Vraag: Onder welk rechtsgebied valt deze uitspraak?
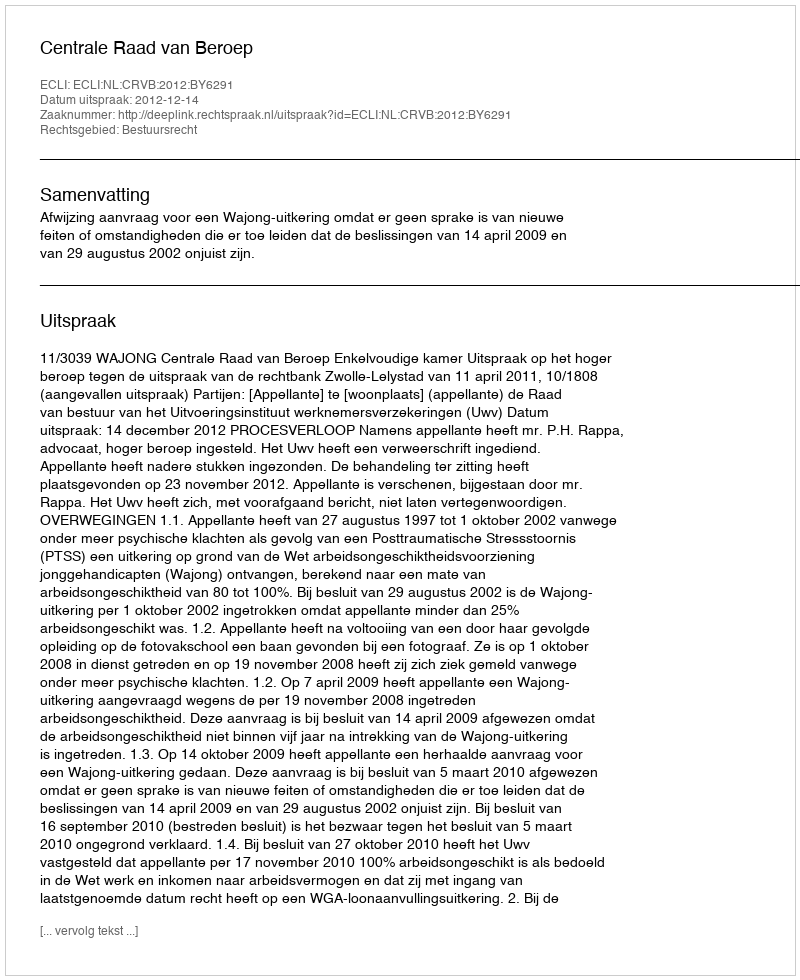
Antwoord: Bestuursrecht
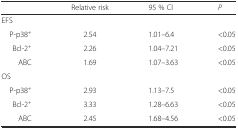
<table><thead><tr><td></td><td><b>Relative risk</b></td><td><b>95 % Cl</b></td><td><b><i>P</i></b></td></tr></thead><tbody><tr><td>EFS</td><td></td><td></td><td></td></tr><tr><td> P-p38<sup>+</sup></td><td>2.54</td><td>1.01–6.4</td><td>&lt;0.05</td></tr><tr><td> Bcl-2<sup>+</sup></td><td>2.26</td><td>1.04–7.21</td><td>&lt;0.05</td></tr><tr><td> ABC</td><td>1.69</td><td>1.07–3.63</td><td>&lt;0.05</td></tr><tr><td>OS</td><td></td><td></td><td></td></tr><tr><td> P-p38<sup>+</sup></td><td>2.93</td><td>1.13–7.5</td><td>&lt;0.05</td></tr><tr><td> Bcl-2<sup>+</sup></td><td>3.33</td><td>1.28–6.63</td><td>&lt;0.05</td></tr><tr><td> ABC</td><td>2.45</td><td>1.68–4.56</td><td>&lt;0.05</td></tr></tbody></table>
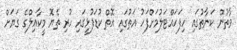
ވާތުން ކަނާތުގައި ހިފަހައްޓަލުމަށްފަހު އަތުގައި އޮތް ކުޑަފުޅީގައި ހުރި ތެޔޮ މީކާޢިލްގެ ގަޔަށް
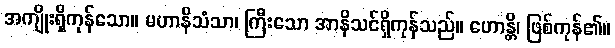
အကျိုးရှိကုန်သော။ မဟာနိသံသာ၊ ကြီးသော အာနိသင်ရှိကုန်သည်။ ဟောန္တိ၊ ဖြစ်ကုန်၏။
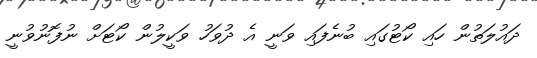
ދައުލަތުން ހައި ކޯޓުގައި ބުނެފައި ވަނީ އެ ދުވަހު ވަކީލުން ކޯޓަށް ނުފޮނުވުނީ
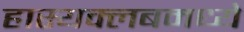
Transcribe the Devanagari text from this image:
हास्यक्लबमध्ये
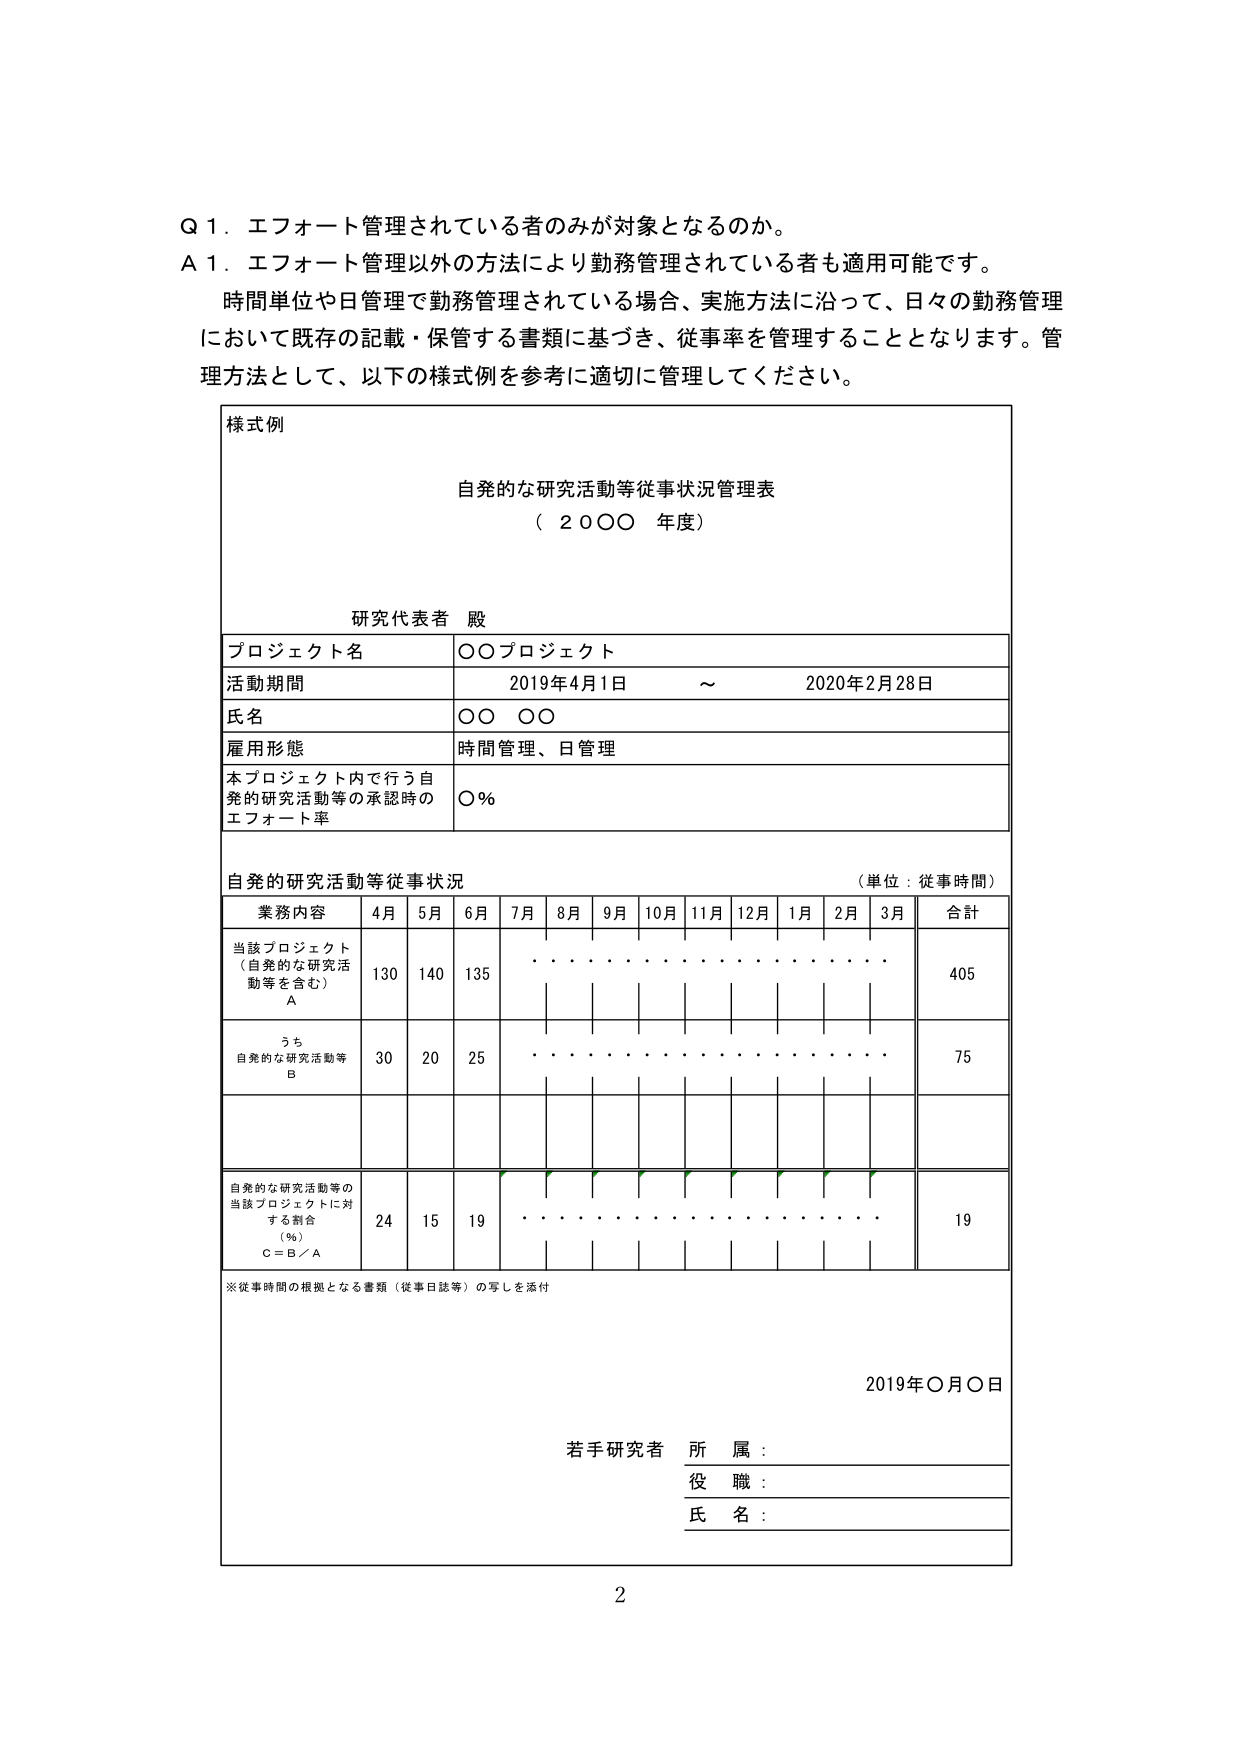
Q 1. エフォート管理されている者のみが対象となるのか。
A 1. エフォート管理以外の方法により勤務管理されている者も適用可能です。
　　時間単位や日管理で勤務管理されている場合、実施方法に沿って、日々の勤務管理
　　において既存の記載・保管する書類に基づき、従事率を管理することとなります。管理
　　方法として、以下の様式例を参考に適切に管理してください。

様式例
　　自発的な研究活動等従事状況管理表
　　（２０○○ 年度）

　　研究代表者 殿

　　プロジェクト名　　　　　○○プロジェクト
　　活動期間　　　　　　　　2019年4月1日 ～ 2020年2月28日
　　氏名　　　　　　　　　　○○ ○○
　　雇用形態　　　　　　　　時間管理、日管理
　　本プロジェクト内で行う自発的研究活動等の承認時のエフォート率　○％

　　自発的研究活動等従事状況　　　　　　　　　　　　　　（単位：従事時間）

　　　業務内容　　　4月　5月　6月　7月　8月　9月　10月　11月　12月　1月　2月　3月　合計
　　当該プロジェクト（自発的な研究活動等を含む）A　　　130　140　135　・・・・・・・・・・・・　405
　　うち自発的な研究活動等 B　　　　　　　　　　　　　　30　　20　　25　・・・・・・・・・・・・　75
　　自発的な研究活動等の当該プロジェクトに対する割合（％）C＝B／A　　　24　　15　　19　・・・・・・・・・・・・　19

　　※従事時間の根拠となる書類（従事日誌等）の写しを添付

　　2019年○月○日

　　若手研究者　所属：
　　　　　　　　役職：
　　　　　　　　氏名：

　　2

__________________________________________________

Work item: Every record above must be copied exactly; none of the pictures belong in the copy.

Response below:
Vraag: Onder welk rechtsgebied valt deze uitspraak?
Antwoord: Bestuursrecht
<table><thead><tr><td></td><td><b>Relative risk</b></td><td><b>95 % Cl</b></td><td><b><i>P</i></b></td></tr></thead><tbody><tr><td>EFS</td><td></td><td></td><td></td></tr><tr><td> P-p38<sup>+</sup></td><td>2.54</td><td>1.01–6.4</td><td>&lt;0.05</td></tr><tr><td> Bcl-2<sup>+</sup></td><td>2.26</td><td>1.04–7.21</td><td>&lt;0.05</td></tr><tr><td> ABC</td><td>1.69</td><td>1.07–3.63</td><td>&lt;0.05</td></tr><tr><td>OS</td><td></td><td></td><td></td></tr><tr><td> P-p38<sup>+</sup></td><td>2.93</td><td>1.13–7.5</td><td>&lt;0.05</td></tr><tr><td> Bcl-2<sup>+</sup></td><td>3.33</td><td>1.28–6.63</td><td>&lt;0.05</td></tr><tr><td> ABC</td><td>2.45</td><td>1.68–4.56</td><td>&lt;0.05</td></tr></tbody></table>
ވާތުން ކަނާތުގައި ހިފަހައްޓަލުމަށްފަހު އަތުގައި އޮތް ކުޑަފުޅީގައި ހުރި ތެޔޮ މީކާޢިލްގެ ގަޔަށް
အကျိုးရှိကုန်သော။ မဟာနိသံသာ၊ ကြီးသော အာနိသင်ရှိကုန်သည်။ ဟောန္တိ၊ ဖြစ်ကုန်၏။
ދައުލަތުން ހައި ކޯޓުގައި ބުނެފައި ވަނީ އެ ދުވަހު ވަކީލުން ކޯޓަށް ނުފޮނުވުނީ
Transcribe the Devanagari text from this image:
हास्यक्लबमध्ये
Q 1. エフォート管理されている者のみが対象となるのか。
A 1. エフォート管理以外の方法により勤務管理されている者も適用可能です。
　　時間単位や日管理で勤務管理されている場合、実施方法に沿って、日々の勤務管理
　　において既存の記載・保管する書類に基づき、従事率を管理することとなります。管理
　　方法として、以下の様式例を参考に適切に管理してください。

様式例
　　自発的な研究活動等従事状況管理表
　　（２０○○ 年度）

　　研究代表者 殿

　　プロジェクト名　　　　　○○プロジェクト
　　活動期間　　　　　　　　2019年4月1日 ～ 2020年2月28日
　　氏名　　　　　　　　　　○○ ○○
　　雇用形態　　　　　　　　時間管理、日管理
　　本プロジェクト内で行う自発的研究活動等の承認時のエフォート率　○％

　　自発的研究活動等従事状況　　　　　　　　　　　　　　（単位：従事時間）

　　　業務内容　　　4月　5月　6月　7月　8月　9月　10月　11月　12月　1月　2月　3月　合計
　　当該プロジェクト（自発的な研究活動等を含む）A　　　130　140　135　・・・・・・・・・・・・　405
　　うち自発的な研究活動等 B　　　　　　　　　　　　　　30　　20　　25　・・・・・・・・・・・・　75
　　自発的な研究活動等の当該プロジェクトに対する割合（％）C＝B／A　　　24　　15　　19　・・・・・・・・・・・・　19

　　※従事時間の根拠となる書類（従事日誌等）の写しを添付

　　2019年○月○日

　　若手研究者　所属：
　　　　　　　　役職：
　　　　　　　　氏名：

　　2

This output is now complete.